Fig. 2a and b schematically depict the sensing mechanism of our fabricated probe. The sensor fundamentals are based on the modulation of surface plasmon resonance wave by varying the surrounding refractive index. The spike glycoprotein (S) is the main target for the neutralization of antibody, binding the COVID virus with the receptor, and providing the virus entry through mediating the membrane fusion. As can be seen in the schematic diagram, this protein contains both carboxylic acid group (—COOH) and amine group (—NH₂). Moreover, GO possesses a number of carboxylic acid groups (—COOH) that can definitely bind with the free —NH2 terminals of the S protein at the presence of activating agents (EDC/NHS) and create the strong amide covalent linkage. Fig. 2b schematically illustrates the binding process of COVID-19 spike protein with the GO surface. EDC is coupled with NHS as a zero-length crosslinker to efficiently form conjugates between a COVID-19 S protein and a peptide at physiologic pH. It mediates crosslinking without becoming a part of the final amide bond between the spike protein and the carboxylic group in GO. Therefore, similar to most of the biological macromolecules, it is water soluble and can be dissolved in aqueous buffer solutions. Thus, the solubility of activation groups and their isourea by-product into the reaction medium allows easy purification of the crosslinked product with chromatography, precipitation, ultrafiltration, or dialysis and also verifies the reusability of the device. Moreover, large surface area and oxygen-rich functional groups on the surface of GO lead to high loading of S glycoprotein onto the sensing surface. From the other aspect, the existence of nano-level defects and 2D channels between the stacked GO nanosheets with an interlayer spacing of ~0.8 nm and 1.3 nm in a dry and aqueous environment, respectively, promotes a unique behavior towards patient saliva. It functions as a sieve and lets the water and other molecules penetrate through its membranes; however, it resists the COVID-19 virus with a considerably larger size and traps them on the surface of the GO layer. Therefore, the trapped viruses, which form an extra layer over the GO, change the surrounding refractive index of the sensor.

Fig. 2.

Sensing mechanism diagram (a), binding of the spike glycoprotein of COVID-19 virus with activated GO using EDC/NHS (b).
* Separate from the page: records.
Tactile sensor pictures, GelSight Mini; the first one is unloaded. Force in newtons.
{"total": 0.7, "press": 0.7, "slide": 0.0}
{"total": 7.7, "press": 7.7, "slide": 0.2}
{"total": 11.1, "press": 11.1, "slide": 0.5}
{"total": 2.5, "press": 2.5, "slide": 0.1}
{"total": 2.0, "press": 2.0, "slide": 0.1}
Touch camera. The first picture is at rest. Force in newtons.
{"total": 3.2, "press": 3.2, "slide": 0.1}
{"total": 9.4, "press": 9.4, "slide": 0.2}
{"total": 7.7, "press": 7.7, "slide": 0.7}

When a light wave reflected from FBG propagates in the core of the fiber, a part of the incident light on the Au film, in the form of non-uniform evanescent electromagnetic wave, transmits in the metal [17], which exponentially decays in a perpendicular direction to the cladding-Au interface. The evanescent wave penetrates across the Au film especially when the film is adequately thin (less than ~ 50 nm) and couples with a surface plasmon wave at the outer boundary of the film (see schematic diagram at Fig. 2) [18]. If the propagation constant of evanescent wave and surface plasmon are equal, the coupling between them is occurred.

Eq. (1) shows the wave vector of the plasmon wave (k_sp) [19]:

$$k_{\mathit{sp}}=\left(\frac{2\pi }{\lambda }\right)\sqrt{\frac{(n_{\mathit{Au}}^2\times n_{\mathit{GO}}^2)}{(n_{\mathit{Au}}^2+n_{\mathit{GO}}^2)}}$$ (1)
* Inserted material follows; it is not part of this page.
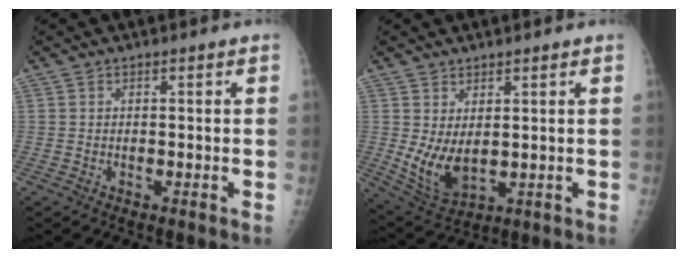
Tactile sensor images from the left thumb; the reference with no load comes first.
{"total": 7.8, "force": [1.0, 4.2, 6.5], "torque": [-0.114, -0.021, 0.038]}

where the refractive index of Au and GO films are shown by n_Au and n_GO, respectively, and λ is the incident light wavelength. The SPR occurs when the relationship in Eq. (2) is satisfied, in which the energy transfers between the incident light and surface plasmon wave at the GO-Au interface.

$$n_p{k}_{0}sin{\theta }_{\mathit{sp}}=k_{\mathit{sp}}=k_0{\left[\frac{{\epsilon }_{\mathit{Au}}{\epsilon }_{\mathit{GO}}}{{\epsilon }_{\mathit{Au}}+{\epsilon }_{\mathit{GO}}}\right]}^{1/2}$$ (2)
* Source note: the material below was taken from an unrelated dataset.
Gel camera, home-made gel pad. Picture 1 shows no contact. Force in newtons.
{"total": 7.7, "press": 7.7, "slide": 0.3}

K₀ = 2π/λ₀ is the wave vector of an electromagnetic wave in vacuum, in which λ₀ is the wavelength in a vacuum. The ɛ_Au and ε_GO represent the dielectric constants of Au and GO layer, respectively. To fulfill the SPR condition, there are two possible ways: varying the wavelength of the light or varying the angle of incidence (θ). Wavelength interrogation, where SPR occurs as a dip intensity decrement at a certain wavelength, is used in a fiber optic SPR sensor. This feature enables the SPR phenomena to be exploited for sensing purposes. The Covid-19 infected patients’ saliva, which acts as an analyte surrounding the probe and contains different quantities of viruses, is adsorbed on the Au film through the thin decorated GO layer, hence affecting the resonance conditions of the SPR sensor. The fiber optic SPR sensor performance is based on a spectral investigation. Equation (3) represents the transmission function of the detected light intensity by optical spectrum analyzer, which is normalized to the laser source power [20].

$$\mathit{Transmission}(f)=\frac{\frac{1}{2}\int real\left(P{(f)}^{\mathit{Monitor}}\right).ds}{\mathit{Lasers}sourcepower}=exp\left(-\frac{4\pi }{{\lambda }_0}imag(n_{\mathit{eff}})L\right)$$ (3)

where L is the sensing region length (1 mm), n_eff is the effective refractive index of the sensing region, which alters by varying the virus density in saliva as surrounding media, and λ₀ is the light source wavelength. The average power flow over the surface is obtained via integration of the Poynting vector P(f) respect to the surface normal S. At the SPR wavelength, the transmitted power or output intensity of the probe is dropped; as a result, with the use of this equation, the resonant wavelength of the probe can be derived. The intensity and wavelength sensitivity of the SPR sensor are presented as S_I and S_W, respectively, and given in Equation (4):

$$S_I=\frac{\mathrm{\Delta }{I}_{\mathit{res}}}{\mathrm{\Delta }\eta }{S}_w=\frac{\mathrm{\Delta }{\lambda }_{\mathit{res}}}{\mathrm{\Delta }\eta }$$ (4)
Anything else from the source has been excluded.